After finding the line with "main class: Woodland" in the data below, set down exactly each line through the one with "longitude: 26.1117", inclusive, and stop there.

MATERIAL FOR THIS TASK:
------
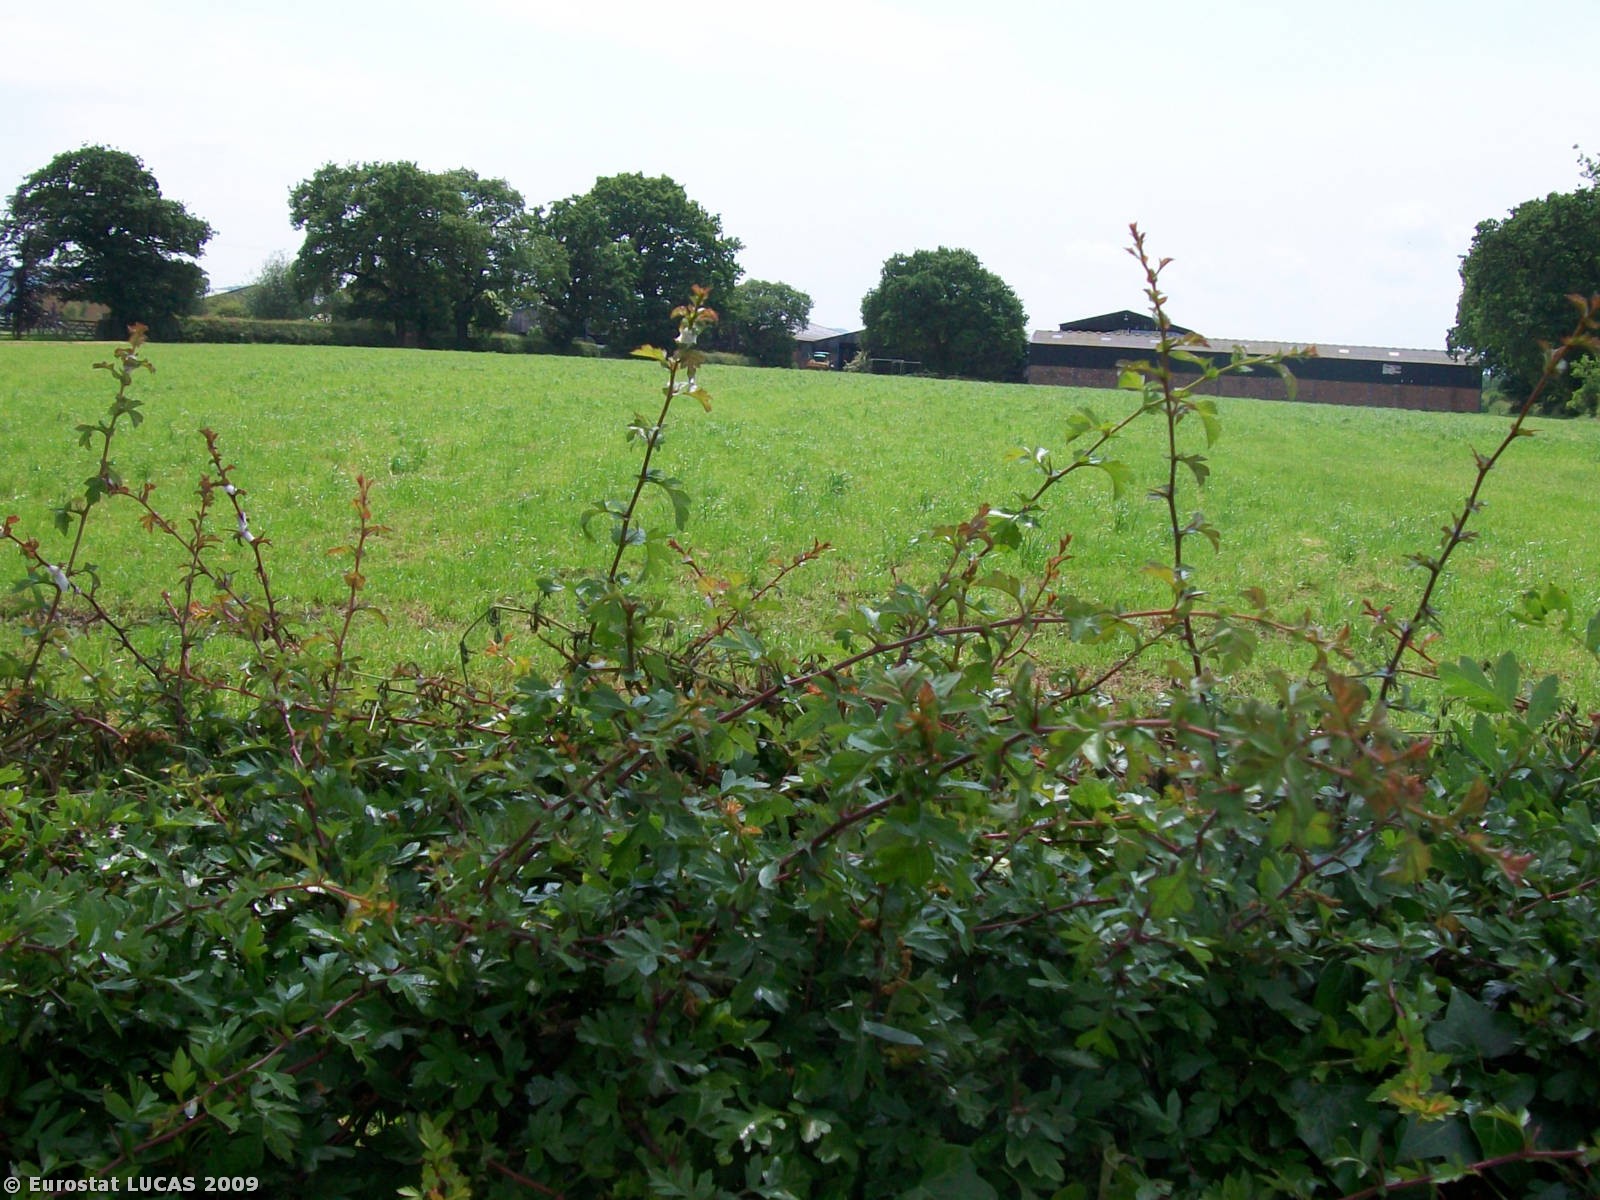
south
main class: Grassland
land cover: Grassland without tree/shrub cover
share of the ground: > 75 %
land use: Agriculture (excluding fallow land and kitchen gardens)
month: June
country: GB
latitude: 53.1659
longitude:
------
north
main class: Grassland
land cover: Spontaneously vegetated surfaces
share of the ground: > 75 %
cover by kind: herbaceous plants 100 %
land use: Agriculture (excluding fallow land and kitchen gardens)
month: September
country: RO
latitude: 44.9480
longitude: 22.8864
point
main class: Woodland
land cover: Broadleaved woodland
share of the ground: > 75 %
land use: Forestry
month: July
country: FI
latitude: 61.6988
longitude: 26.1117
------
WRITTEN RESPONSE:
main class: Woodland
land cover: Broadleaved woodland
share of the ground: > 75 %
land use: Forestry
month: July
country: FI
latitude: 61.6988
longitude: 26.1117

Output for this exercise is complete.